4. "Warnings" section includes the following:

pg_createsubscriber sets up logical replication with two-phase commit
disabled. This means that any prepared transactions will be replicated
at the time of COMMIT PREPARED, without advance preparation. Once
setup is complete, you can manually drop and re-create the
subscription(s) with the two_phase option enabled.

~

The above text is from the "Warnings" section, but it seems stale
information that needs to be updated due to the introduction of this
new '--enable-two-phase' option.

======
src/bin/pg_basebackup/pg_createsubscriber.c

usage:
5.
  printf(_("  -t, --recovery-timeout=SECS     seconds to wait for
recovery to end\n"));
+ printf(_("  -T, --enable-two-phase          enable two-phase commit
for the subscription\n"));

Given the previous review comments (#1/#2 etc), I was wondering if it
might be better to say more like "enable two-phase commit for all
subscriptions".

======
.../t/040_pg_createsubscriber.pl

6.
+is($count_prepared_s, qq(1), 'Prepared transaction replicated to subscriber');

Should there also have been an earlier check (way back before the
PREPARE) just to make sure this count was initially 0?

======
Kind Regards,
Peter Smith.
Fujitsu Australia



RE: Adding a '--two-phase' option to 'pg_createsubscriber' utility.

From
"Hayato Kuroda (Fujitsu)"
Date:
Dear Shubham,

> Thank you for pointing this out and for suggesting the changes. I
> agree with your approach.
> Also, I found a mistake in getopt_long and fixed it in this version of
> the patch.
> The attached patch contains the suggested changes.

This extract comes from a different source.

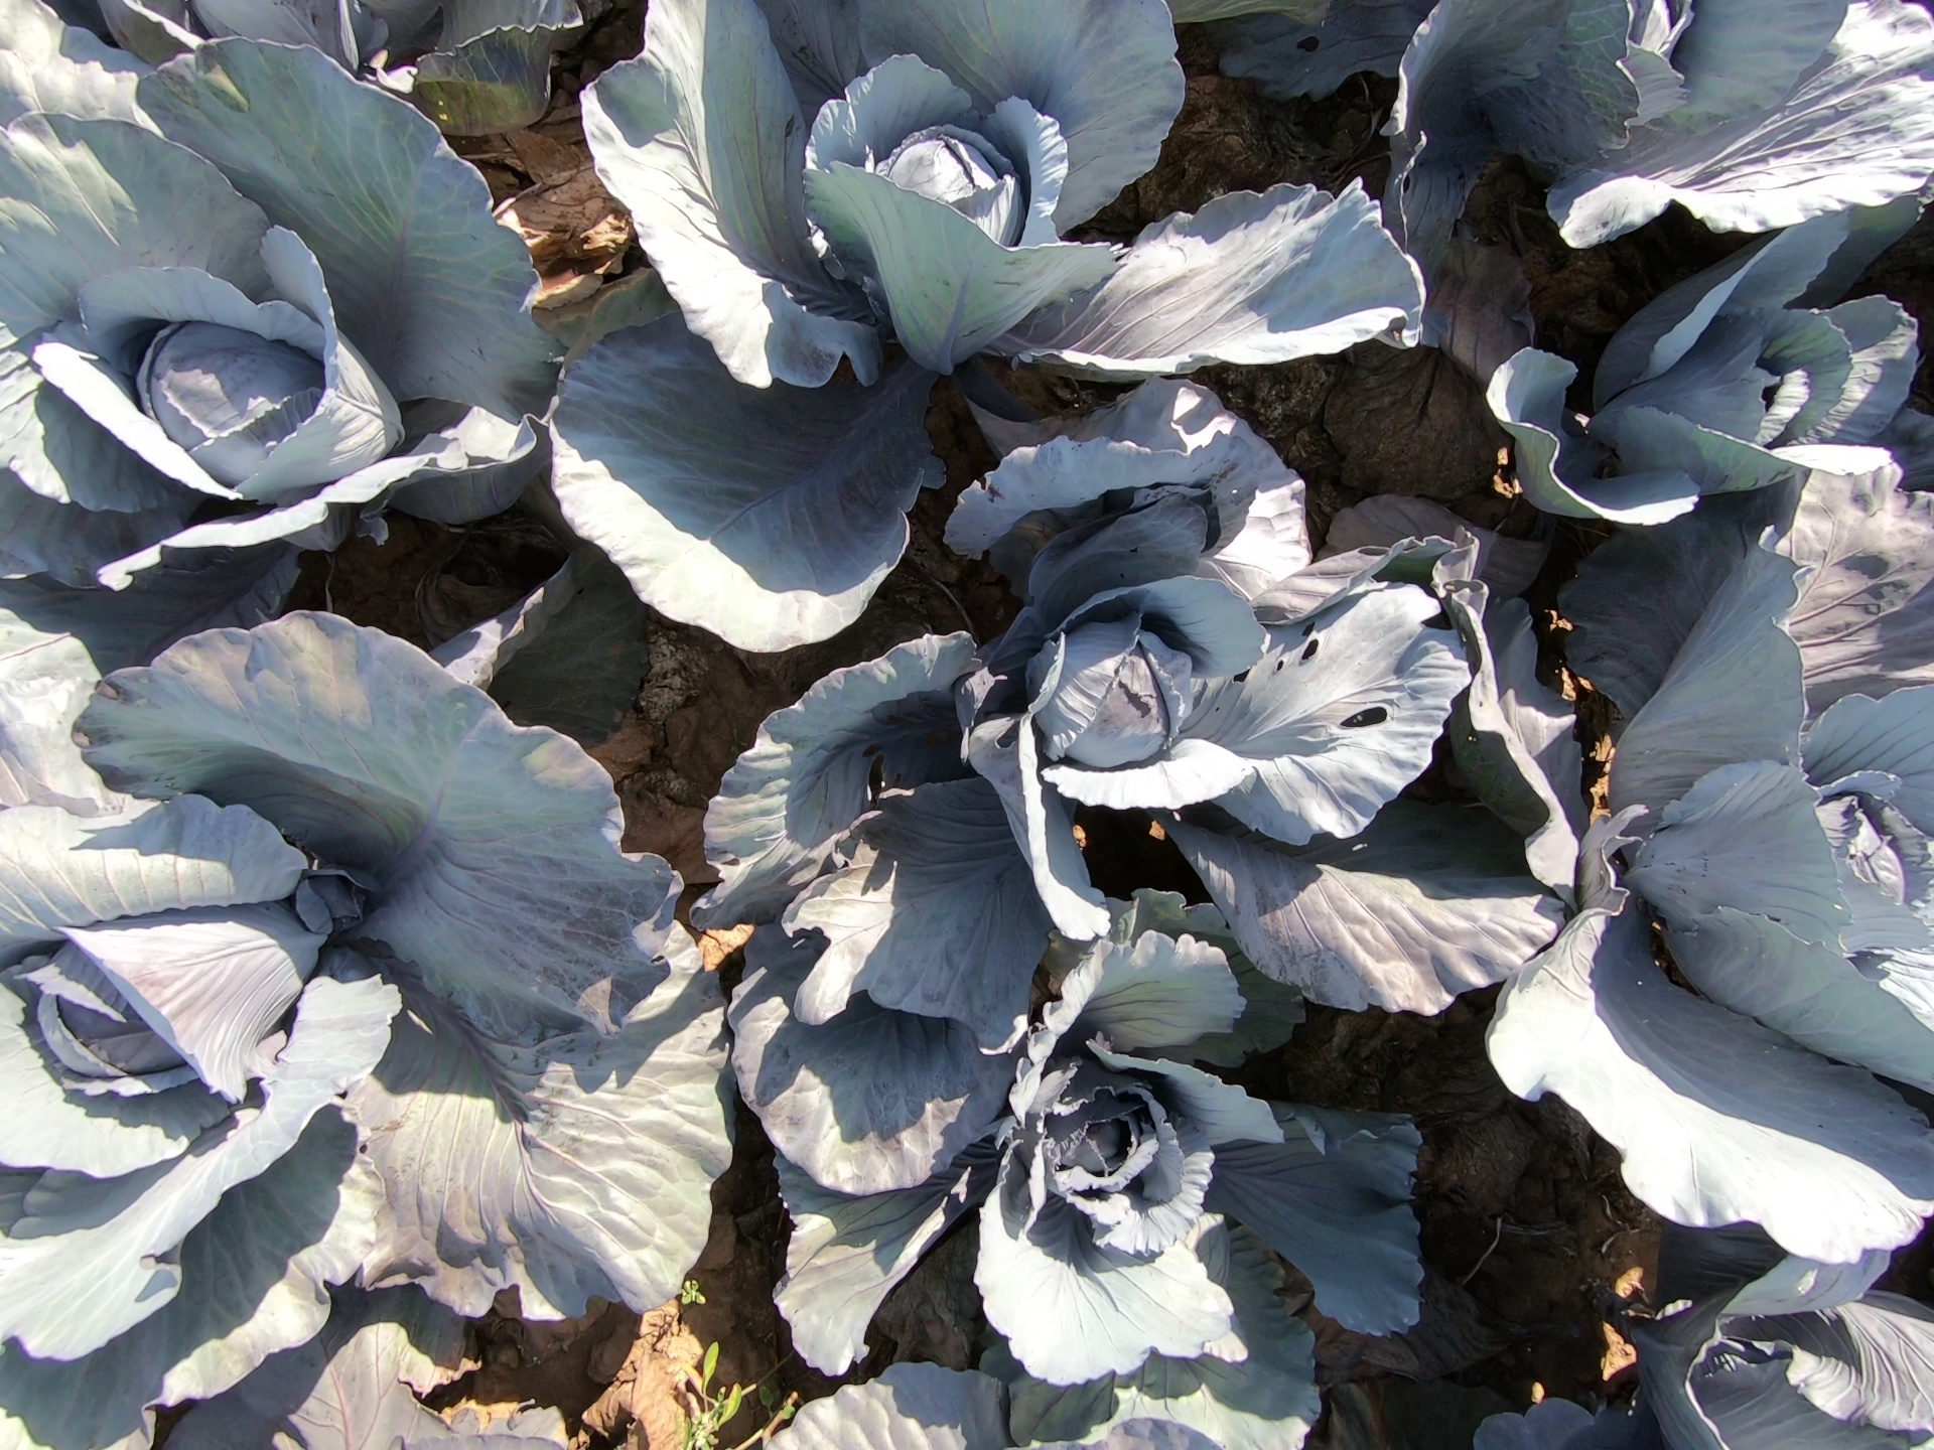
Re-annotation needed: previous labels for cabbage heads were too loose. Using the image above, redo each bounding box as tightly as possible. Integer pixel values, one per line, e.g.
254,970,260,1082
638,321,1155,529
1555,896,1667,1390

Thanks for updating the patch. I think the patch looks mostly OK.

Regarding the test code - I think we should directly refer the pg_subscription catalog,
and confirm that subtwophase is 'p'. IIUC, we can wait until
all subscriptions. Subtwophasestate are 'e', by using poll_query_until() and [1].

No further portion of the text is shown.